I've been contributing to open-source software projects for more a decade now. I've never seen any connection with left-wing ideology, and no incompatibility with any ideology I can think of. I've seen all kinds of people participating, from communists to objectivists. I think that's why it worked so well. If something can seriously hurt the idea, it's trying to make an narrow political-ideological cause out of it. You may gain some partisan support and budgets on that, but the losses in goodwill would be enormous.
This article suggests that RMS ought to make his own leftist beliefs an explicit part of the free software movement. As the author is aware, RMS has generally tried not to do this, recognizing that free software advocates can have a wide range of beliefs about other issues, even if a plurality of people in the movement are hold leftist views. In general, RMS has stood for the effort of trying to find common cause around specific issues and principles among people who might radically disagree about other things (another example was the League for Programming Freedom, a single-issue campaign against software patents that actively aspired to include people who disagree with RMS about free software!).

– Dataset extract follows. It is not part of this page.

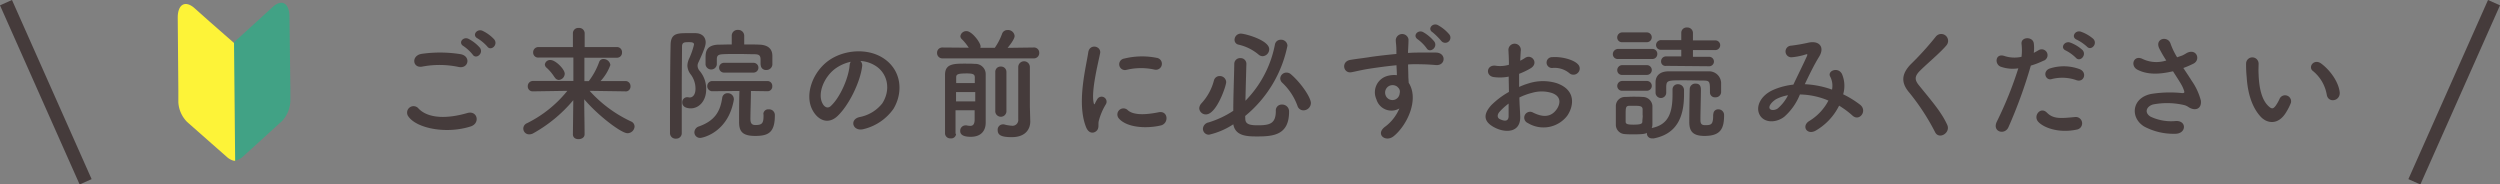 <svg xmlns="http://www.w3.org/2000/svg" viewBox="0 0 571.65 42.18"><rect x="0" y="0" width="571.65" height="42.18" fill="#808080" stroke="none"/><defs><style>.cls-1{fill:none;stroke:#453b3b;stroke-miterlimit:10;stroke-width:3px;}.cls-2{fill:#453b3b;}.cls-3{fill:#41a285;}.cls-4{fill:#fdf338;}</style></defs><g id="レイヤー_2" data-name="レイヤー 2"><g id="contents"><line class="cls-1" x1="1.37" y1="0.61" x2="19.58" y2="41.57"/><line class="cls-1" x1="570.28" y1="0.61" x2="552.07" y2="41.57"/><path class="cls-2" d="M93.4,26.66a1.47,1.47,0,0,1,2.32-1.82c2.38,2.43,6.92,2.24,11.15,1,2.33-.64,3,2.38.73,3.08C102.05,30.69,95.33,29.37,93.4,26.66Zm3.14-11.43c-2.22.42-2.58-2.55-.09-2.92a29.65,29.65,0,0,1,8.94.09c2.35.5,1.74,3.39-.53,2.91A21.16,21.16,0,0,0,96.54,15.23Zm11.54-2.75A10,10,0,0,0,106,10.55c-1.35-.76-.06-2.3,1.17-1.65a9,9,0,0,1,2.55,2C110.68,12.17,108.86,13.69,108.08,12.48Zm1.12-3.7c-1.37-.72-.11-2.32,1.15-1.73A8.84,8.84,0,0,1,113,9c1,1.26-.78,2.8-1.59,1.62A10,10,0,0,0,109.2,8.78Z"/><path class="cls-2" d="M143,20.89l-8.18-.12a29.51,29.51,0,0,0,9.47,7,1.27,1.27,0,0,1,.81,1.18,1.63,1.63,0,0,1-1.63,1.51c-1.4,0-6.69-4-9.88-7.76,0,2.66.08,5.32.08,8,0,.76-.7,1.12-1.4,1.12S131,31.45,131,30.72v0l.09-7.82A32.45,32.45,0,0,1,122,30.44a1.82,1.82,0,0,1-.93.28,1.32,1.32,0,0,1-.56-2.55,27.42,27.42,0,0,0,9.22-7.4l-7.87.12h0a1.11,1.11,0,0,1-1.18-1.15,1.18,1.18,0,0,1,1.21-1.23l9.22,0,0-5.35h-7.93A1.14,1.14,0,0,1,121.91,12a1.19,1.19,0,0,1,1.21-1.24H131l0-3.16a1.22,1.22,0,0,1,1.32-1.21,1.25,1.25,0,0,1,1.37,1.21c0,1.06,0,2.1,0,3.16h7.43A1.15,1.15,0,0,1,142.23,12a1.14,1.14,0,0,1-1.15,1.2h-7.45c0,1.8,0,3.56,0,5.35h1A16.26,16.26,0,0,0,137,14.19a1,1,0,0,1,1-.7,1.6,1.6,0,0,1,1.57,1.37,11,11,0,0,1-2.24,3.67l5.69,0a1.15,1.15,0,0,1,1.15,1.2,1.11,1.11,0,0,1-1.12,1.18Zm-16.2-3.23a10.31,10.31,0,0,0-1.79-2.15,1,1,0,0,1-.42-.79,1.21,1.21,0,0,1,1.26-1c1.21,0,3.28,2.13,3.28,3.13a1.46,1.46,0,0,1-1.37,1.43A1.12,1.12,0,0,1,126.84,17.66Z"/><path class="cls-2" d="M154.58,31.7a1.26,1.26,0,0,1-1.38-1.23c0-5.1,0-14.32.14-20.23.06-2.66,1.55-2.66,4.07-2.66.53,0,1.06,0,1.54,0,1.59,0,2.41.92,2.41,2.13,0,.53-.17,1.37-1.66,4.56a1.72,1.72,0,0,0-.19.79,1.8,1.8,0,0,0,.45,1.12,6.34,6.34,0,0,1,1.51,4.34c0,2.44-1.54,4.26-3.53,4.26-.48,0-1.93-.11-1.93-1.35a1.13,1.13,0,0,1,1-1.2,1.54,1.54,0,0,1,.31,0,1.76,1.76,0,0,0,.39.06c.62,0,1.32-.53,1.32-2a5.34,5.34,0,0,0-1.09-3.27,3.46,3.46,0,0,1-.76-2,4.06,4.06,0,0,1,.39-1.6,17.19,17.19,0,0,0,1.12-3.22c0-.34-.14-.56-1.14-.56s-1.6,0-1.6,1c0,2.6-.06,5.91-.06,9.38v10.4A1.24,1.24,0,0,1,154.58,31.7Zm4.2-1.46a1.45,1.45,0,0,1,1.06-1.34c3.76-1.35,4.85-3.56,5.3-6.5a1.2,1.2,0,0,1,1.23-1.09,1.37,1.37,0,0,1,1.43,1.29.67.67,0,0,1,0,.22c-1.31,7.56-7.25,8.71-7.62,8.71A1.28,1.28,0,0,1,158.78,30.24Zm15.13-15.46V13.63c0-1-.4-1.2-1.29-1.23-1.12,0-2.47-.06-3.76-.06s-2.6,0-3.61.06-1.34.31-1.34,1.15v1.2a1.3,1.3,0,0,1-2.58,0v-1.4c0-1.29,0-3,2.86-3.14,1,0,2-.05,3.13-.05l0-2v0a1.32,1.32,0,0,1,1.42-1.32,1.34,1.34,0,0,1,1.43,1.32v0l0,2c1.23,0,2.46,0,3.55.05,1.82.09,2.89.9,2.89,2.58v2a1.34,1.34,0,0,1-1.4,1.21,1.16,1.16,0,0,1-1.26-1.15Zm.64,11.37A1.1,1.1,0,0,1,175.76,25a1.31,1.31,0,0,1,1.42,1.35c0,4-1.51,4.73-4.53,4.73S169,29.91,169,27.89c0-.95,0-5.24.08-7.09l-6.3.06a1.17,1.17,0,0,1,0-2.33h12.72a1.1,1.1,0,0,1,1.09,1.18,1.07,1.07,0,0,1-1.07,1.15h0l-3.81-.06c0,1.68-.12,5-.12,6.33,0,.76.12,1.46,1.12,1.46,1.57,0,1.88-.42,1.88-2.13v-.31Zm-9-9.55a1.12,1.12,0,1,1,0-2.24h6.75a1.12,1.12,0,0,1,0,2.24Z"/><path class="cls-2" d="M197.13,15.23c-.45,3.55-3,8.85-5.66,11.34-2.16,2-4.51.9-5.74-1.51-1.77-3.47.11-8.68,3.86-11.29,3.45-2.38,8.58-2.77,12.11-.64,4.34,2.6,5,7.76,2.6,11.76a11.72,11.72,0,0,1-6.83,4.63c-2.47.64-3.34-2.19-.93-2.75a8.67,8.67,0,0,0,5.21-3.14c2-3.14,1.23-6.81-1.54-8.57a7.22,7.22,0,0,0-3.47-1.12A1.41,1.41,0,0,1,197.13,15.23Zm-6.22.53c-2.61,2-4,5.74-2.83,7.9.42.81,1.15,1.23,1.85.62C192,22.43,194,18,194.27,15a2,2,0,0,1,.25-.87A9.32,9.32,0,0,0,190.91,15.76Z"/><path class="cls-2" d="M215.53,13.35a1.21,1.21,0,0,1-1.26-1.26,1.19,1.19,0,0,1,1.24-1.23h0l6,.05a11.35,11.35,0,0,0-1.63-2,1,1,0,0,1-.28-.64,1.36,1.36,0,0,1,1.43-1.15c1.2,0,3.19,2.61,3.19,3.5a1.12,1.12,0,0,1-.05.31h3.3a13.87,13.87,0,0,0,1.66-3.19,1.27,1.27,0,0,1,1.23-.87A1.5,1.5,0,0,1,232,8.22c0,.14,0,.79-1.6,2.72l6-.08h0a1.18,1.18,0,0,1,1.23,1.23,1.21,1.21,0,0,1-1.26,1.26Zm3.08,17.29a1.09,1.09,0,0,1-1.23,1,1.19,1.19,0,0,1-1.29-1.06c0-1.43,0-3.95,0-6.56s0-5.24,0-6.92c0-2.55,2-2.55,4.71-2.55.76,0,1.48,0,2.1.06a2.35,2.35,0,0,1,2.49,2.44c0,.53,0,2.24,0,3.92v3.81c0,.5,0,1.09,0,1.65v1.63c0,1.43-.7,3.22-3.42,3.22-2.15,0-2.41-.79-2.41-1.35a1.21,1.21,0,0,1,1.18-1.26.72.72,0,0,1,.25,0,4.6,4.6,0,0,0,.87.11c.56,0,1-.28,1-1.48,0-.59,0-1.29,0-2.08h-4.37c0,2.19,0,4.21,0,5.33Zm0-9.59v2.13H223c0-.73,0-1.43,0-2.13ZM222.9,19c0-.47,0-.92,0-1.29,0-.73-.42-.92-1.82-.92-2.13,0-2.44.22-2.44.92V19Zm4.68-2.55a1.2,1.2,0,0,1,1.26-1.23,1.22,1.22,0,0,1,1.29,1.23v9.08a1.28,1.28,0,0,1-2.55,0Zm8,11.29v.06c0,1.62-1,3.56-4.23,3.56-2.44,0-3.22-.48-3.22-1.63a1.2,1.2,0,0,1,1.12-1.29,1.12,1.12,0,0,1,.31,0,9.29,9.29,0,0,0,1.79.31,1.32,1.32,0,0,0,1.48-1.49c0-1,0-5.57,0-8.85V15.34a1.33,1.33,0,0,1,2.66,0v9.05Z"/><path class="cls-2" d="M248.36,29.12c-2.24-5.52,0-13.81.48-17.14.31-2.08,3-1.46,2.72.17-.45,2.26-2.13,8.85-1.46,11.45.09.37.2.28.31,0s.36-.7.48-.9a1.12,1.12,0,0,1,2,1.1,14.17,14.17,0,0,0-1.66,3.92c-.16.76.17,1.62-.53,2.24S248.93,30.5,248.36,29.12Zm7.51-2a1.39,1.39,0,0,1,2-1.93c1.51,1.37,4.88.92,7.06.48s2.41,2.49.56,3C262.48,29.4,257.89,29.32,255.87,27.13ZM257.47,16a1.32,1.32,0,1,1-.39-2.61,17,17,0,0,1,7.37-.17,1.37,1.37,0,1,1-.48,2.69A14.18,14.18,0,0,0,257.47,16Z"/><path class="cls-2" d="M274.22,24.75a1.84,1.84,0,0,1,.5-1.12,12.17,12.17,0,0,0,2.86-5.24,1.33,1.33,0,0,1,1.32-1,1.44,1.44,0,0,1,1.48,1.38c0,.87-2.21,7.39-4.62,7.39A1.49,1.49,0,0,1,274.22,24.75Zm10.53,2.41c0,1.29,1.1,1.49,2.86,1.49,2.75,0,4.12-.37,4.12-3.31a1.33,1.33,0,0,1,1.4-1.43,1.56,1.56,0,0,1,1.63,1.63c0,5.32-3.56,5.66-7.29,5.66-2.27,0-5-.06-5.46-2.78a17.13,17.13,0,0,1-5.55,2.38,1.35,1.35,0,0,1-1.4-1.34A1.57,1.57,0,0,1,276.32,28,21.62,21.62,0,0,0,282,25.34c0-3.14.17-7.28.23-10.73a1.32,1.32,0,0,1,1.43-1.32A1.3,1.3,0,0,1,285,14.55v.06c-.08,2.75-.16,5.77-.22,8.43a25,25,0,0,0,6.75-12.88,1.31,1.31,0,0,1,1.35-1.07,1.43,1.43,0,0,1,1.51,1.35,27.93,27.93,0,0,1-9.67,16.08Zm3-14.71a10.77,10.77,0,0,0-4.54-2.24,1.11,1.11,0,0,1-.92-1.12,1.42,1.42,0,0,1,1.48-1.4c.9,0,6.45,1.49,6.45,3.56a1.6,1.6,0,0,1-1.49,1.6A1.44,1.44,0,0,1,287.75,12.45Zm10.31,12.78a1.41,1.41,0,0,1-1.37-1,13.58,13.58,0,0,0-3.5-5.32,1.38,1.38,0,0,1-.45-1,1.42,1.42,0,0,1,1.45-1.31,1.49,1.49,0,0,1,1,.39c2.46,2.13,4.56,5.38,4.56,6.58A1.71,1.71,0,0,1,298.06,25.23Z"/><path class="cls-2" d="M314.73,22.71A3.87,3.87,0,0,1,317,17.44a5.61,5.61,0,0,1,2.41-.25c0-.62-.06-1.46-.09-2.27-2.35.22-4.67.56-6.13.78-2,.31-3.34.68-4.18.82-1.87.33-2.43-2.47-.22-2.83,1.12-.2,2.94-.4,4.12-.59,1.4-.23,3.92-.53,6.39-.76v-.5c0-1.74-.14-1.85-.14-2.75A1.47,1.47,0,0,1,322.07,9c0,.64-.06,1.93-.11,2.69,0,.14,0,.28,0,.42.81-.06,1.54-.09,2.15-.09,1.38,0,2.36,0,4.26,0,2.36.06,2.24,3,0,2.86-2-.17-2.66-.17-4.4-.2-.64,0-1.31,0-2,.06,0,.9.06,1.77.06,2.58,0,.39.05,1,.08,1.6,2.49,3.92-.48,9.86-3.45,12.24-1.87,1.48-4.31-.51-1.87-2.24a10.06,10.06,0,0,0,3.19-4.12A3.58,3.58,0,0,1,314.73,22.71Zm4.7-2.94a1.81,1.81,0,0,0-1.79-.12,1.72,1.72,0,0,0-.81,2.13,1.66,1.66,0,0,0,3.22-.47,1.29,1.29,0,0,0-.17-1.07A3.34,3.34,0,0,0,319.43,19.77ZM326.19,11a9.37,9.37,0,0,0-2-2c-1.28-.84.06-2.33,1.27-1.63A9.22,9.22,0,0,1,328,9.54C328.82,10.88,326.91,12.26,326.19,11ZM329.6,9.4a16.57,16.57,0,0,0-2-2c-1.32-.78,0-2.3,1.2-1.65a9.19,9.19,0,0,1,2.55,2.07A1.16,1.16,0,0,1,329.6,9.4Z"/><path class="cls-2" d="M347.61,26.43c.23,4-3.36,3.95-5.65,2.83-3.34-1.62-2.41-3.61-.93-5.24a18.54,18.54,0,0,1,4-3c0-1.17-.05-2.38-.05-3.5a10.39,10.39,0,0,1-3.37.11c-2.07-.25-1.73-3.05.59-2.57a7.17,7.17,0,0,0,2.83-.25c0-1.32-.05-2.22-.11-3.28a1.42,1.42,0,1,1,2.83,0c-.06.62-.09,1.51-.14,2.35a8.44,8.44,0,0,0,1.12-.64c1.51-1,3.22,1.2,1.26,2.38a17.12,17.12,0,0,1-2.63,1.26c0,.87,0,1.9,0,3a16.85,16.85,0,0,1,2.35-.87,10.79,10.79,0,0,1,6.22,0c4.62,1.6,3.87,5.38,2.44,7.45a6.85,6.85,0,0,1-9,1.68,1.34,1.34,0,1,1,1.21-2.38c2.18,1.07,4,1.09,5.32-.7.67-.9,1.46-2.88-1-3.78a7.81,7.81,0,0,0-4.54-.06,14.4,14.4,0,0,0-2.94,1.07C347.45,23.77,347.56,25.23,347.61,26.43Zm-4.7-.89c-.59.64-.59,1.37,0,1.68,1.21.59,2,.5,2.05-.59,0-.76,0-1.79,0-2.94A13.73,13.73,0,0,0,342.91,25.54Zm15.88-8.86a5.3,5.3,0,0,0-3.7-1.15,1.24,1.24,0,1,1-.14-2.46c2-.17,4.82.53,5.83,1.6a1.36,1.36,0,0,1,0,2A1.42,1.42,0,0,1,358.79,16.68Z"/><path class="cls-2" d="M370.05,13.49a1.11,1.11,0,0,1-1.26-1.09,1.21,1.21,0,0,1,1.26-1.21h7.71a1.11,1.11,0,0,1,1.2,1.15,1.13,1.13,0,0,1-1.2,1.15Zm3.5,17.23c-.7,0-1.4,0-2-.06a2.13,2.13,0,0,1-2.07-2.21c0-.73,0-1.46,0-2.16s0-1.37,0-2a2.08,2.08,0,0,1,2-2.12c.62,0,1.29-.06,1.94-.06s1.54,0,2.18.06a2.21,2.21,0,0,1,2.24,2c0,.65,0,1.4,0,2.16s0,1.49,0,2.1a2.06,2.06,0,0,1-.16.84c3.89-.75,4.76-3.58,4.76-7.7,0-.34,0-.7,0-1.07v0a1.18,1.18,0,0,1,1.23-1.24,1.35,1.35,0,0,1,1.4,1.32c0,.34,0,.67,0,1,0,4.48-1.18,8.94-6.89,10.06a2.75,2.75,0,0,1-.39,0,1.12,1.12,0,0,1-1.21-1.14v-.12C376.27,30.55,375.93,30.72,373.55,30.72ZM371,9.65a1.09,1.09,0,0,1-1.21-1.06A1.16,1.16,0,0,1,371,7.41h5.57a1.12,1.12,0,1,1,0,2.24Zm0,7.48a1.08,1.08,0,0,1-1.2-1.06,1.15,1.15,0,0,1,1.2-1.18h5.58a1.12,1.12,0,1,1,0,2.24Zm0,3.62a1.09,1.09,0,0,1-1.2-1.07,1.15,1.15,0,0,1,1.2-1.17h5.58a1.12,1.12,0,1,1,0,2.24Zm4.6,5.65c0-.53,0-1.06,0-1.45-.06-.73-.67-.76-2-.76-.34,0-.67,0-1.1,0-.78.06-.78.48-.78,2.16,0,.53,0,1.06,0,1.48,0,.59.56.67,1.82.67,1.74,0,2-.25,2-.7S375.63,26.91,375.63,26.4ZM381,21.19a1.22,1.22,0,0,1-2.44,0c0-.37,0-.76,0-1.15s0-.87,0-1.32c.06-1.43,1-2.38,2.94-2.41,1.63,0,3.45,0,5.27,0,1.34,0,2.66,0,3.92,0a2.75,2.75,0,0,1,2.86,2.61c0,.36,0,.75,0,1.12s0,.75,0,1.09a1.24,1.24,0,0,1-1.32,1.12A1.11,1.11,0,0,1,391,21.17v-.06c0-2.44,0-2.66-1.46-2.69-1.15,0-2.8-.06-4.34-.06-3.84,0-4.12,0-4.2,1.41v1.42Zm0-6.13a1,1,0,0,1-1.18-1A1.12,1.12,0,0,1,381,12.9l3.44,0V11.39l-4.56,0a1.1,1.1,0,0,1-1.21-1.07,1.15,1.15,0,0,1,1.21-1.15l4.56,0V7.52a1.21,1.21,0,0,1,1.32-1.23,1.26,1.26,0,0,1,1.35,1.23V9.23l5.12,0a1.11,1.11,0,1,1,0,2.22l-5.12,0v1.54l3.72,0a1.08,1.08,0,1,1,0,2.16Zm10.78,11.09A1.07,1.07,0,0,1,392.88,25a1.29,1.29,0,0,1,1.35,1.35c0,3.11-.84,4.73-4.48,4.73-2.86,0-3.48-1.26-3.48-3.22,0-1.12.06-6.78.11-7.65a1.27,1.27,0,0,1,1.35-1.09c1.2,0,1.2,1,1.2,1.51,0,1.52-.11,5.24-.11,6.64,0,.79.06,1.35,1.07,1.35,1.37,0,1.84-.12,1.84-2.19v-.31Z"/><path class="cls-2" d="M412.83,19.26a21.27,21.27,0,0,1,6.08,1.23,4.51,4.51,0,0,0-.4-2.94c-.78-1.31,1.74-2.38,2.67-.64a6.88,6.88,0,0,1,.28,4.65,22.27,22.27,0,0,1,3.86,2.38c1.77,1.37-.14,3.95-1.73,2.49a20.06,20.06,0,0,0-3.06-2.27,13.57,13.57,0,0,1-5.32,5.69c-2,1.15-3.36-1-1.54-2.16A11.89,11.89,0,0,0,418.09,23a17.46,17.46,0,0,0-6.52-1.4A13.4,13.4,0,0,1,408,26.69c-1.68,1.31-4.14,1.48-5.35,0-1.43-1.8-.39-4.71,2.83-6.14a15.73,15.73,0,0,1,4.59-1.2c1-2.11,2.27-4.66,3.06-6.42.17-.39.25-.62-.17-.5a14.84,14.84,0,0,1-3.31.67,1.33,1.33,0,0,1-.08-2.66,38.76,38.76,0,0,0,4-.7c2.55-.51,3.67,1.14,2.41,3.19s-2.29,4.23-3.3,6.33Zm-6.59,3.36c-.72.37-2,1.54-1.56,2.24.33.48,1.34.31,1.84-.08a9.61,9.61,0,0,0,2.33-3A9,9,0,0,0,406.24,22.62Z"/><path class="cls-2" d="M442.49,30.24a51.13,51.13,0,0,0-5.94-9.1c-1.84-2.16-1.84-4.15.34-6.42a68,68,0,0,0,5.74-6.33,1.57,1.57,0,1,1,2.5,1.91c-1.4,1.71-4.37,4.14-6.11,5.88-1.2,1.2-1.26,2-.34,3.19,2.81,3.5,5.19,6.14,6.56,9.14C446.11,30.38,443.39,32,442.49,30.24Z"/><path class="cls-2" d="M459.25,29.09c-.84,1.88-3.81,1.07-2.64-1.31a85.56,85.56,0,0,0,4.9-12.16,8.15,8.15,0,0,1-4.08-.39c-1.43-.62-1.15-3.17.95-2.41a7.49,7.49,0,0,0,3.86.17,12.32,12.32,0,0,0,0-3c-.12-1.6,2.52-1.68,2.8-.14a8.37,8.37,0,0,1,0,2.24c.4-.2.73-.39,1.07-.59a1.34,1.34,0,1,1,1.09,2.41A18.14,18.14,0,0,1,464.37,15,109.74,109.74,0,0,1,459.25,29.09Zm6.8-1.26c-1.2-1.34.54-3.55,2-2.07s3.14,1.32,6.42,1a1.45,1.45,0,1,1,.36,2.88C470.76,30.5,467.29,29.21,466.05,27.83Zm3.17-9.77c-1.46.53-2.33-1.77-.48-2.41a10.38,10.38,0,0,1,6.73.14c1.87.67,1.12,3.14-.65,2.55A9.78,9.78,0,0,0,469.22,18.06Zm3.17-6.5c-1.43-.59-.31-2.3,1-1.82a8.62,8.62,0,0,1,2.77,1.68c1.09,1.17-.56,2.88-1.49,1.79A9.59,9.59,0,0,0,472.39,11.56Zm2.52-2.47c-1.43-.56-.42-2.27.89-1.85a8.82,8.82,0,0,1,2.83,1.63c1.12,1.12-.47,2.86-1.43,1.79A10.21,10.21,0,0,0,474.91,9.09Z"/><path class="cls-2" d="M501.18,18.51A14.06,14.06,0,0,1,503.25,23c.23,2-1.42,2.46-2.88,1.45a3.08,3.08,0,0,0-1.15-.47,17,17,0,0,0-6.92-.09c-1.57.48-2,1.91-.56,2.78a11,11,0,0,0,5.8,1c2.58-.11,2.41,3-.25,2.92a14.25,14.25,0,0,1-7-1.66c-3.27-2-2.88-6.55,1.6-7.45a26.9,26.9,0,0,1,7.12-.19c.42,0,.53-.12.42-.48a7.6,7.6,0,0,0-.7-1.57c-.51-.87-1.18-1.88-1.85-2.94a4.58,4.58,0,0,1-.53.11c-3.23.7-5.66.53-7.6-.47-1.73-.9-.87-3.45,1.15-2.47a7.34,7.34,0,0,0,5.44.36A28.14,28.14,0,0,1,493.7,11c-1-2.27,2.1-2.92,2.66-.9a16.39,16.39,0,0,0,1.46,3l1.2-.42a9.55,9.55,0,0,0,1-.56c2.27-1.15,3.25,1.57,1.54,2.43a20.84,20.84,0,0,1-2.32,1C499.92,16.57,500.59,17.58,501.18,18.51Z"/><path class="cls-2" d="M516.9,26.66c-2-2.19-2.95-5.44-3.17-9a27.85,27.85,0,0,1-.14-3.11,1.43,1.43,0,1,1,2.86,0c0,1.1-.06,1.15,0,2.44.11,2.94.64,5.72,2.21,7.23.73.7,1.09.78,1.71-.06a9.82,9.82,0,0,0,.92-1.65,1.38,1.38,0,0,1,2.55,1,13.11,13.11,0,0,1-1.09,2.16C521,28.59,518.46,28.34,516.9,26.66Zm15.15-4.93a8.89,8.89,0,0,0-3.11-5.44c-1.34-.92.17-3,1.85-1.74,2,1.49,3.92,4.12,4.2,6.5C535.22,23.1,532.44,23.66,532.05,21.73Z"/><path class="cls-3" d="M62.35,1.6h0l-3.5,3.2-5.4,4.92,0,0,.23,27a1.43,1.43,0,0,0,.5-.09,3.78,3.78,0,0,0,1.43-.88h0l3.51-3.19,5.4-4.92a7,7,0,0,0,1.87-4.56l0-2.83L66.19,3.81C66.16.7,64.44-.3,62.35,1.6Z"/><path class="cls-4" d="M53.48,9.8,48,5,44.44,1.83h0C42.32,0,40.62,1,40.64,4.1l.14,16.42,0,2.83a6.93,6.93,0,0,0,2,4.53l5.48,4.83,3.56,3.13h0a3.8,3.8,0,0,0,1.44.86,1.43,1.43,0,0,0,.51.07L53.51,9.83Z"/></g></g></svg>

It's true that the big-tent concept could fail as a tactical matter if it turns out that the success of one cause really is indispensable to the success of another, which is a big part of what this article is claiming. But I wish the article had engaged a bit more with the fact that RMS does not appear to agree with this analysis and has consistently wanted people with non-leftist views to join the free software movement, including enthusiastic supporters of capitalism and private property. In other words, it's not an oversight or an accident. (To be clear about this, the classic formulation of RMS's free software philosophy calls for not regarding software as private property -- for example, in "Why Software Should Not Have Owners" -- but stakes out no position on regarding, say, financial instruments, airplanes, factories, companies, plots of land, or apartment buildings as private property. Hence many more people could agree with it.)